Bio-Gel elicited macrophages from C57BL/6J (4×105 total) were allowed to migrate toward indicated concentrations of murine C5a, chemerin and LTB4 for 4 h. Migration was measured for each curve of each concentration using slope (A, D, G), max-min (B, E, H) and AUC (C, F, I) analysis. Data are shown as migration index (i.e. fold change over media alone) for each parameter of analysis. Data are expressed as mean ± SEM of 3–5 independent experiments, each concentration with two technical replicates per experiment. Statistical analysis performed by one-way ANOVA and Dunnett's multiple comparison post-test. *, p<0.05, **, p<0.01, ***, p<0.01 relative to media alone. (J) A schematic representation of the plate designed used to test whether the chemotactic effects of chemerin are ChemR23 dependent. Representative traces of Bio-Gel elicited macrophages from ChemR23-/- and WT controls in response to (K) chemerin and (L) CCL5 are shown. Migration was measured for each curve using slope (M) and Max-min CI (N). Data are the mean ± SEM of three independent experiments with 2–4 technical replicates per experiment. Statistical analysis was performed by two-way ANOVA and Bonferroni multiple comparison post-test. *, p<0.05, **, p<0.01, relative to WT.
Figure 6.
Analysis of chemotaxis responses in human monocytes reveals distinct donor to donor variation.

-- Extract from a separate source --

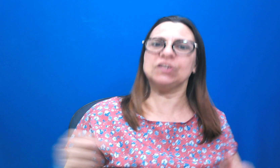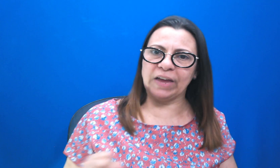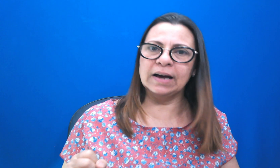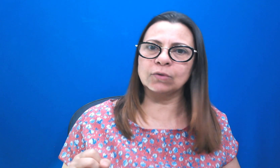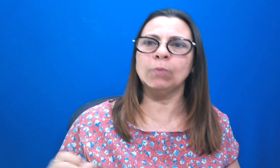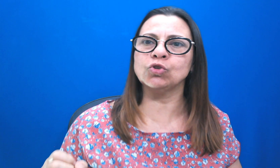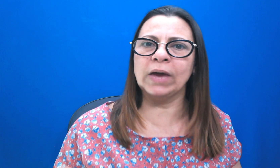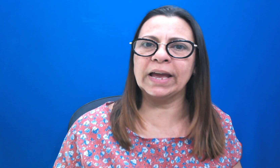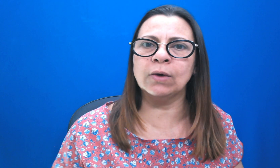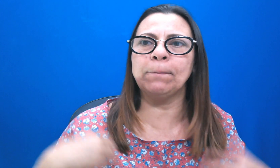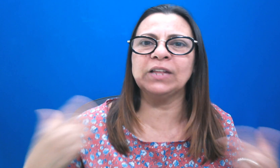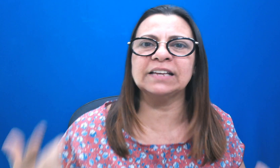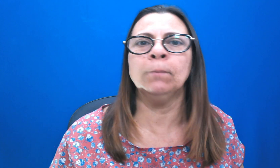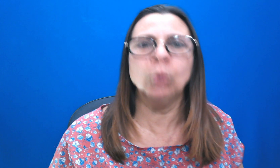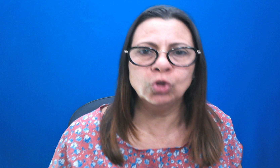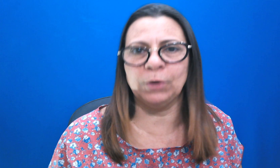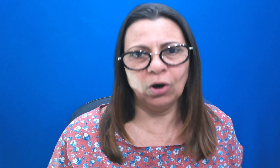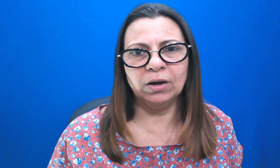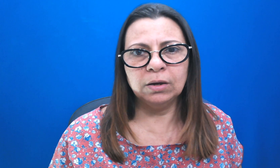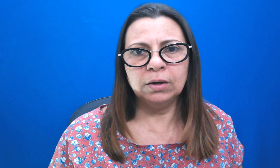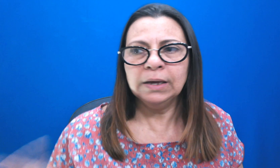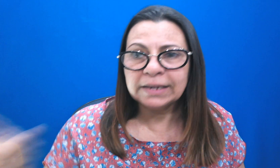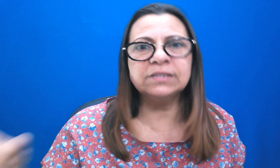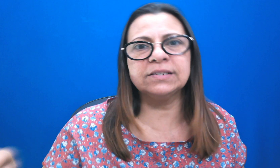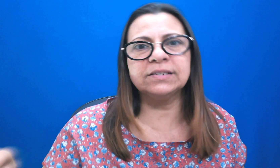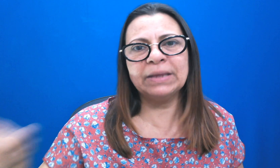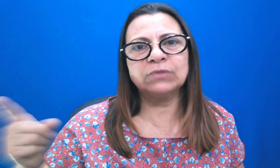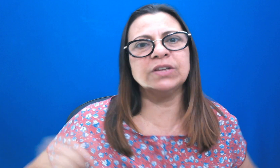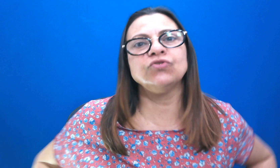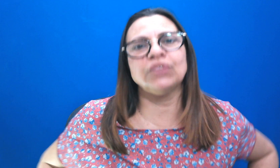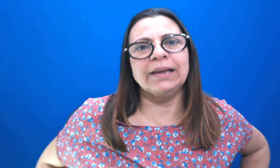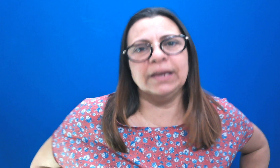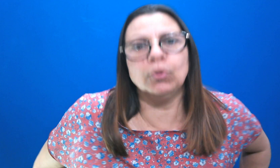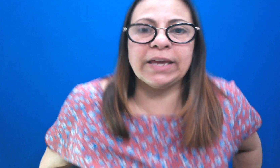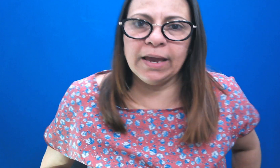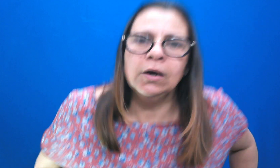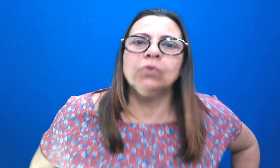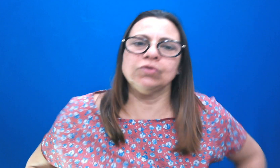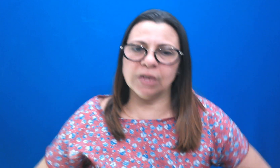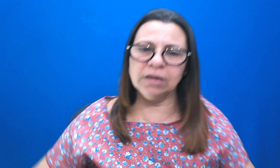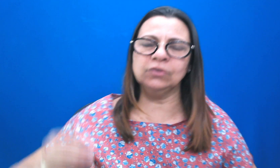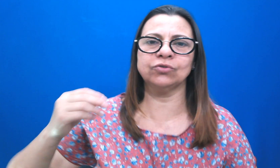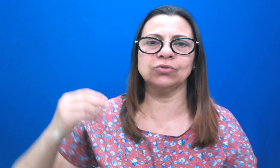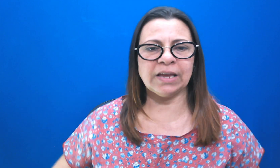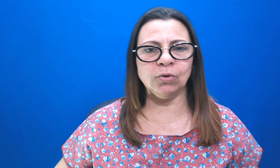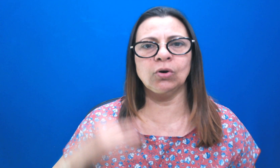esfregando, toma um escorregão que poderia ser muito pior. Grandes livramentos Deus te dá ali. Por quê? Os anjos do Senhor
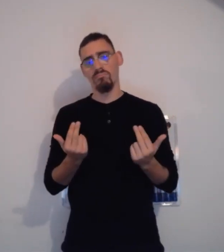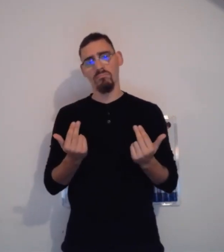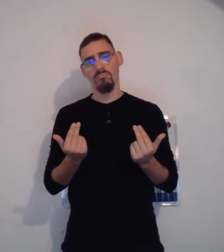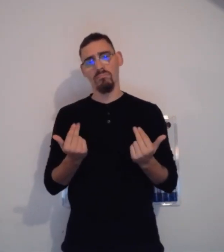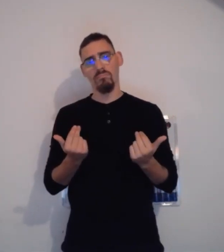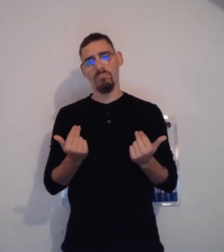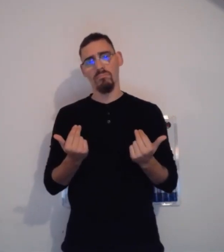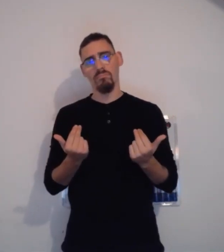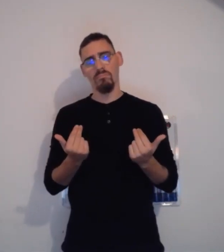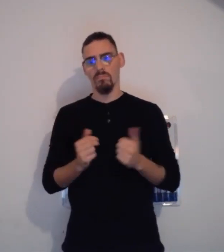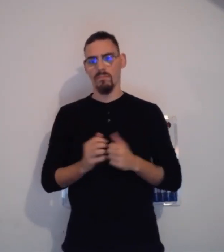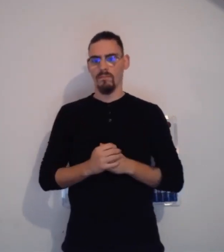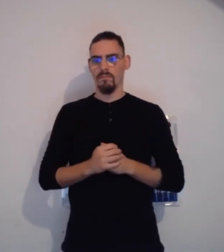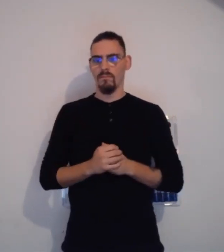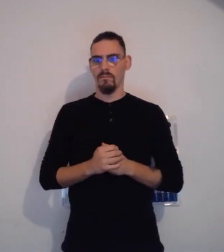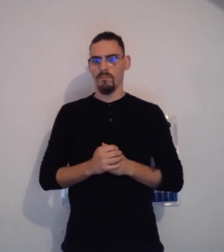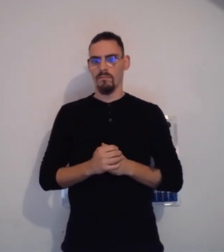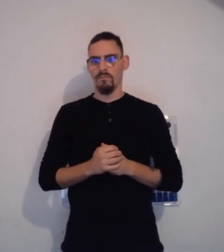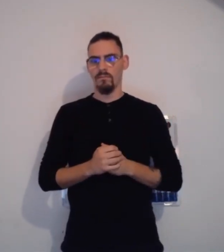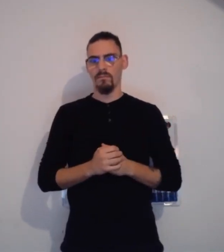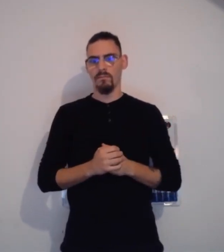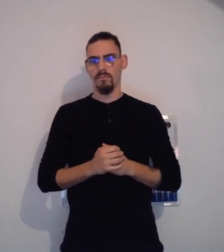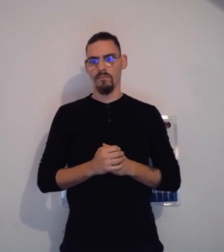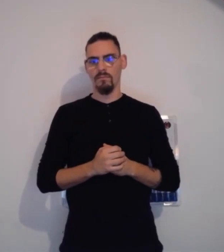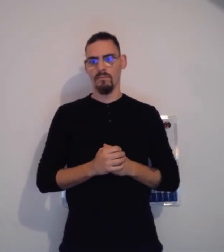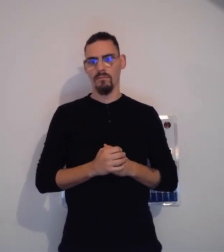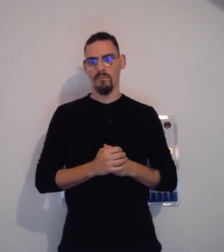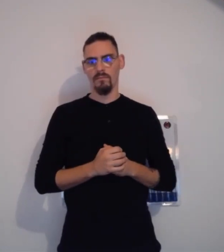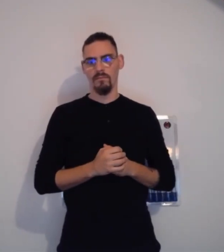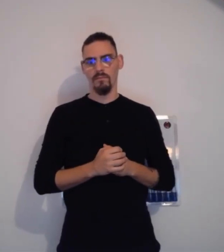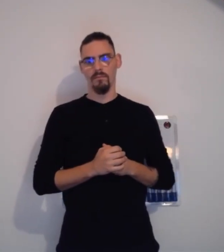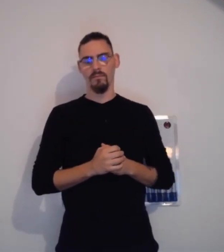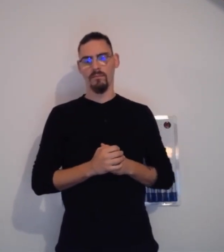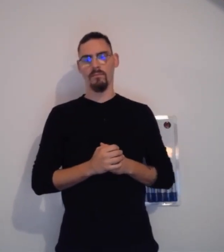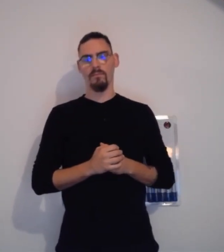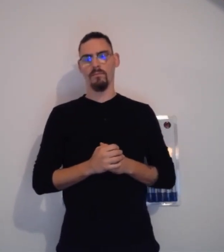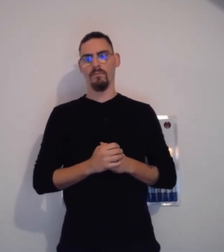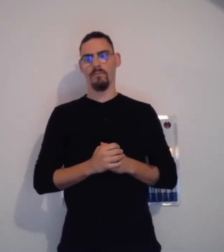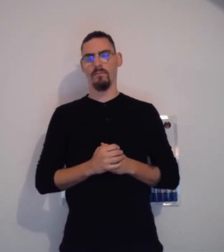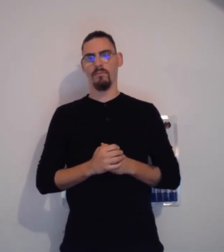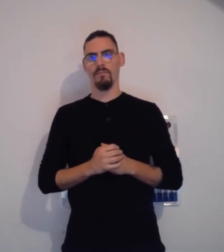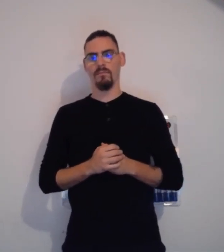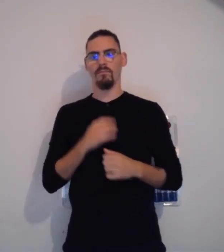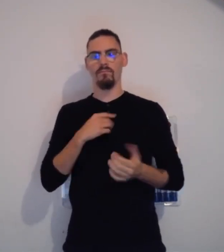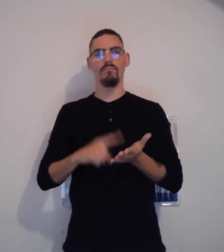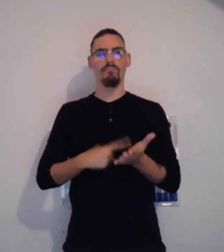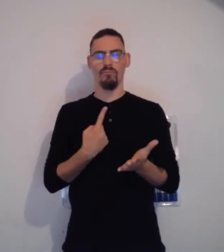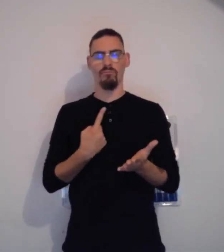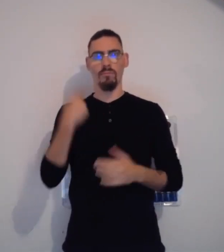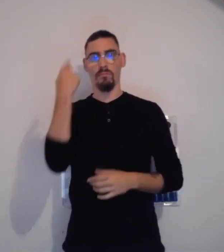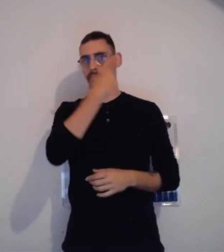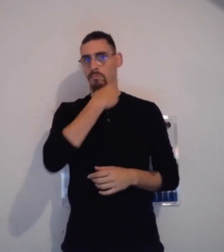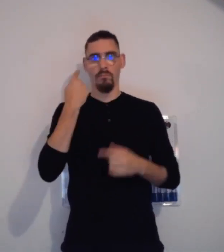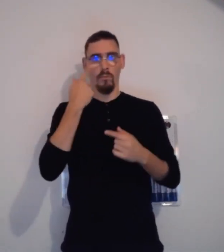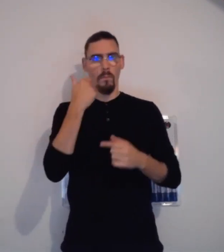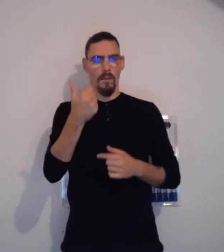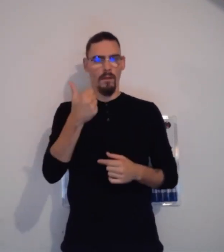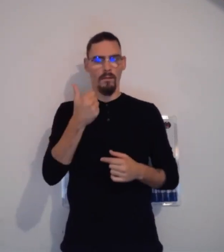du visage, vous voyez, je ne vais plus sourire. Mes yeux vont s'affaisser et ma bouche aussi. Je vous montre.

Panel (A) shows a representative FACS plot of human monocytes following isolation by CD14 positive selection (Inset panel red = CD14+; blue = isotype control Ab). Panels B, C, and D are individual traces from three independent donors measuring monocyte (4×105 total) chemotaxis toward 5 nM human CCL2. (E) The inhibitory action of an anti-CCR2 drug (INCB-3284 dimesylate) was also tested with human monocytes. Human monocytes were pre-incubated with INCB-3284 (1 µM) for 90 mins at 37°C and allowed to migrate toward 5 nM CCL2 for 3 h. Data are shown as a percentage of 5 nM human CCL2 induced migration for (F) Slope (G) Max-min CI and (H) (AUC). Data are the mean ± SEM of three independent experiments with four technical replicates per experiment. Statistical analysis was performed by one-way ANOVA and Dunnett's multiple comparison post-test. *,p<0.05 relative to CCL2 alone.